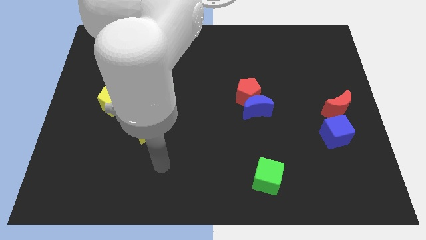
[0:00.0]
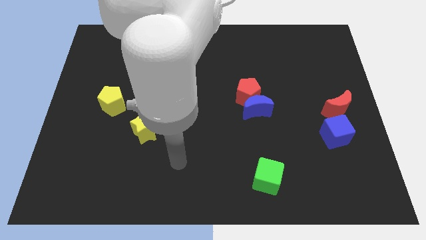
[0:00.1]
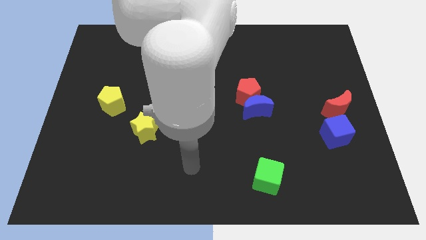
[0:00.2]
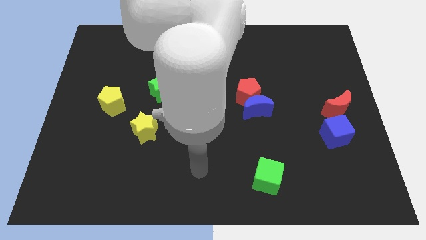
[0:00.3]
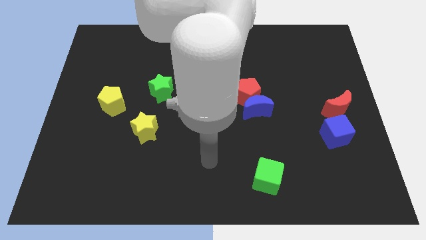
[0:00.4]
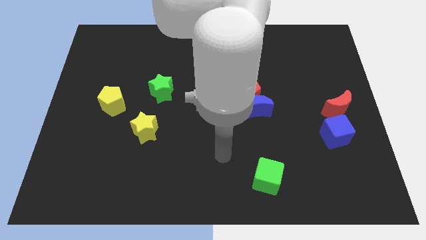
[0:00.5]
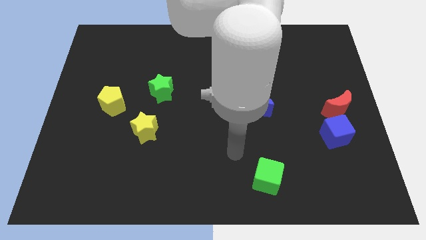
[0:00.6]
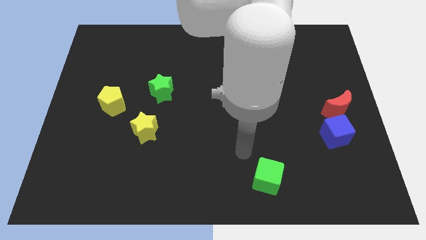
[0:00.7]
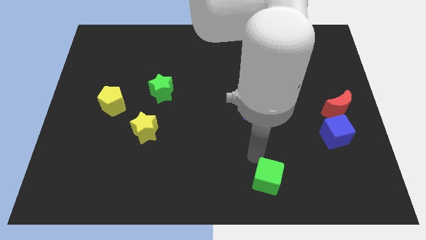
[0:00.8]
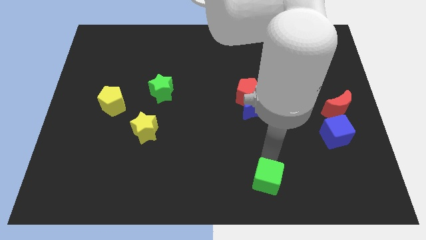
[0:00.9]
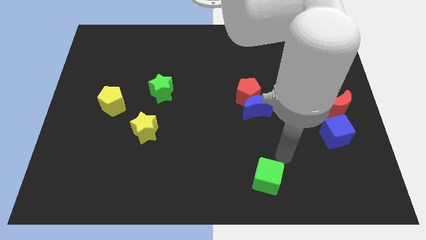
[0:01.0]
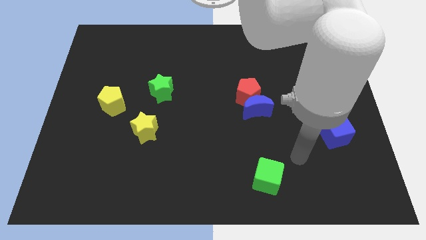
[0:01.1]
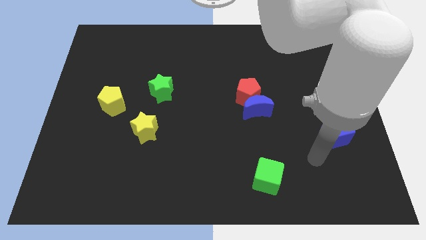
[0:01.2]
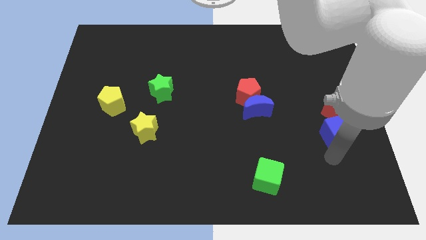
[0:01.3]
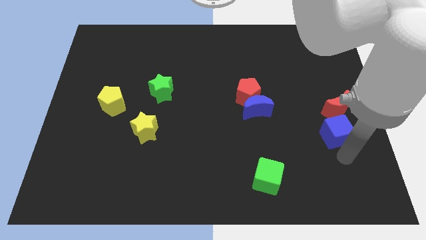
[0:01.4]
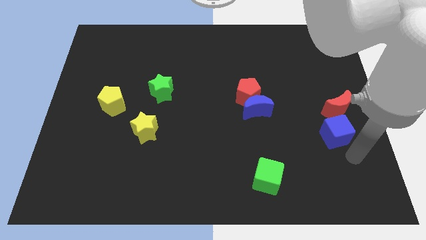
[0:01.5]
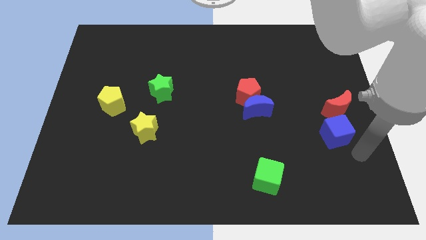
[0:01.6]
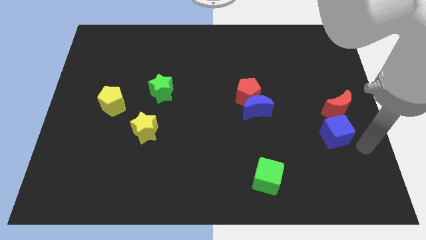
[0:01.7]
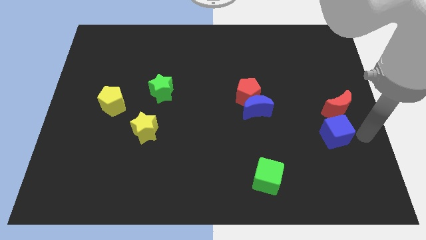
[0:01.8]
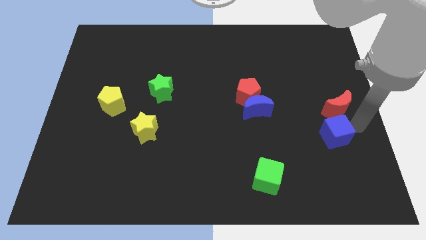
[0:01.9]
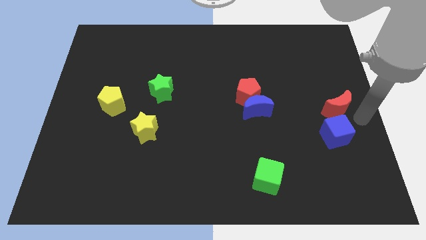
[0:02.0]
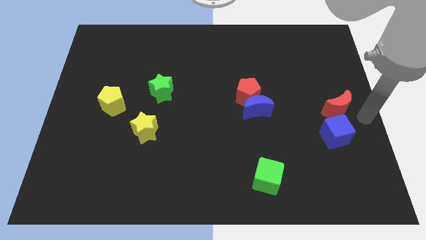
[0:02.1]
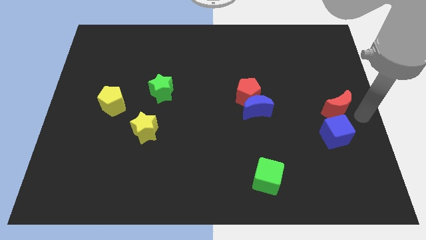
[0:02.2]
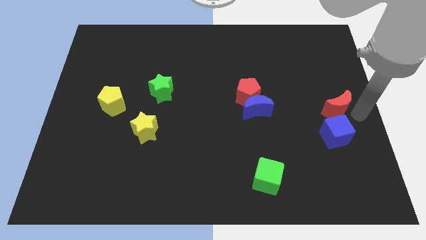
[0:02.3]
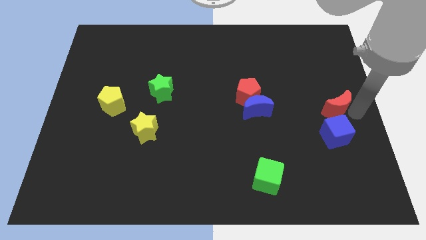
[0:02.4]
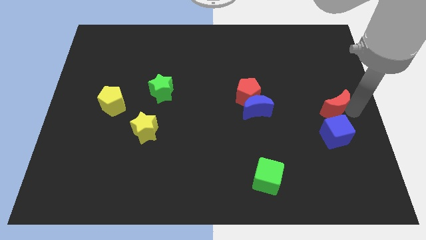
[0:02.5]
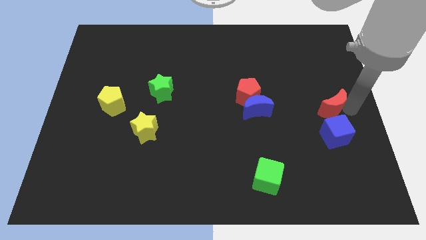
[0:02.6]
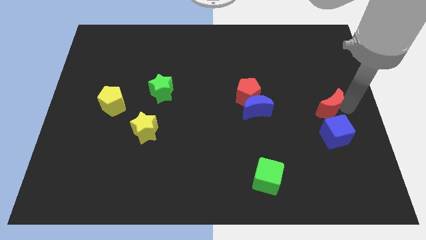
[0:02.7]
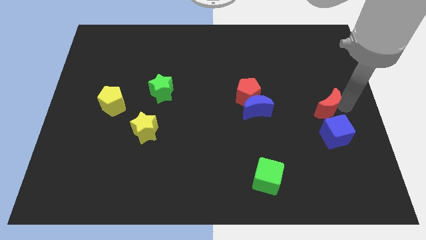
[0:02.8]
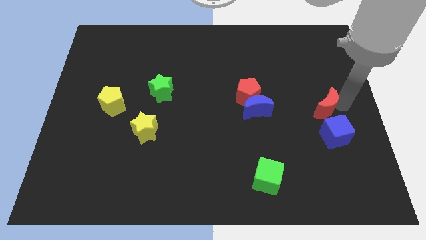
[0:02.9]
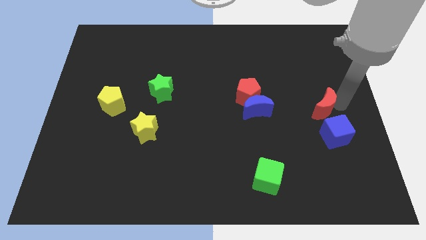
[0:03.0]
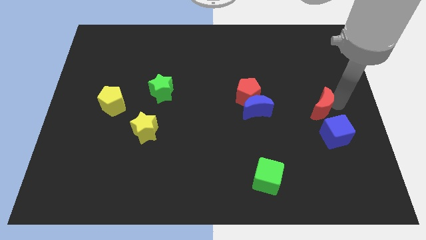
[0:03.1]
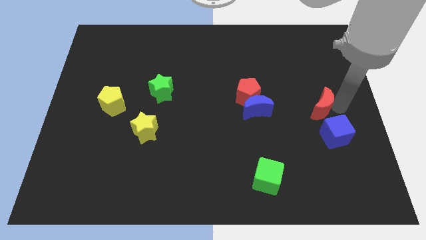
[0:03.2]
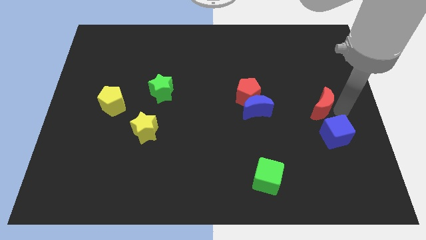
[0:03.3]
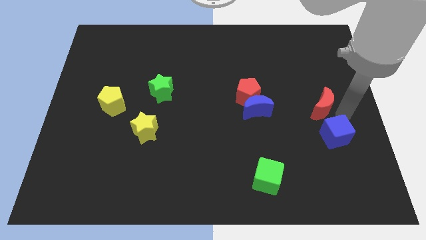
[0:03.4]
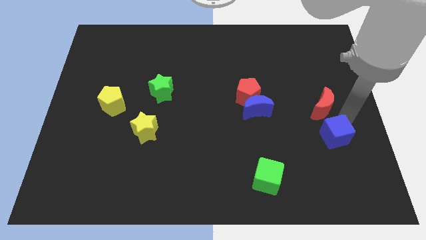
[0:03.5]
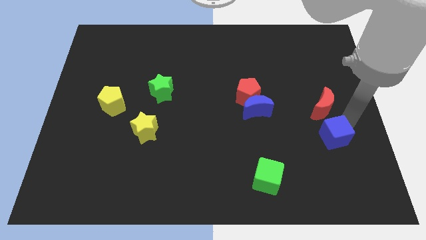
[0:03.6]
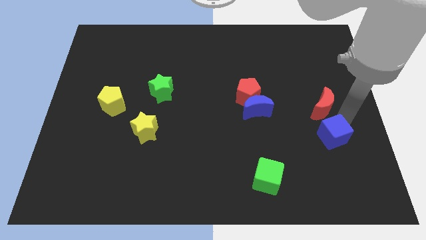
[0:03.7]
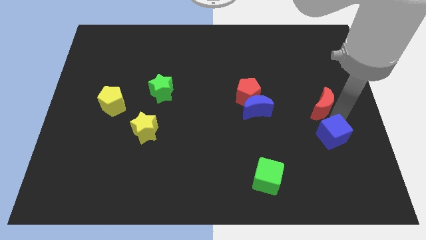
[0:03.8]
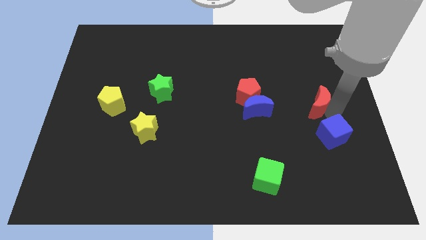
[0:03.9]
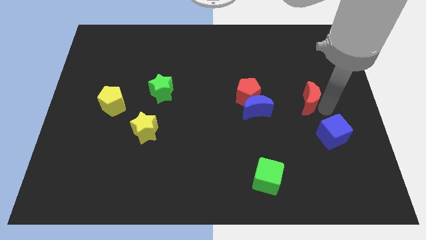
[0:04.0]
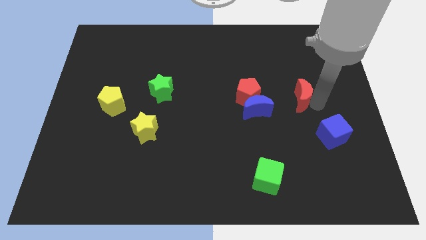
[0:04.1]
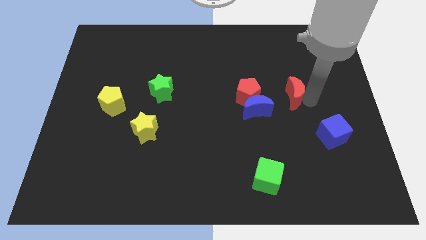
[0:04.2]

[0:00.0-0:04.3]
push the red moon to the top right side of the blue moon

| WHAT IS BEING ASKED |
Every record above should be written out again exactly; the pictures stay out of the copy.

| SOLUTION |
[0:00.0]
[0:00.1]
[0:00.2]
[0:00.3]
[0:00.4]
[0:00.5]
[0:00.6]
[0:00.7]
[0:00.8]
[0:00.9]
[0:01.0]
[0:01.1]
[0:01.2]
[0:01.3]
[0:01.4]
[0:01.5]
[0:01.6]
[0:01.7]
[0:01.8]
[0:01.9]
[0:02.0]
[0:02.1]
[0:02.2]
[0:02.3]
[0:02.4]
[0:02.5]
[0:02.6]
[0:02.7]
[0:02.8]
[0:02.9]
[0:03.0]
[0:03.1]
[0:03.2]
[0:03.3]
[0:03.4]
[0:03.5]
[0:03.6]
[0:03.7]
[0:03.8]
[0:03.9]
[0:04.0]
[0:04.1]
[0:04.2]

[0:00.0-0:04.3]
push the red moon to the top right side of the blue moon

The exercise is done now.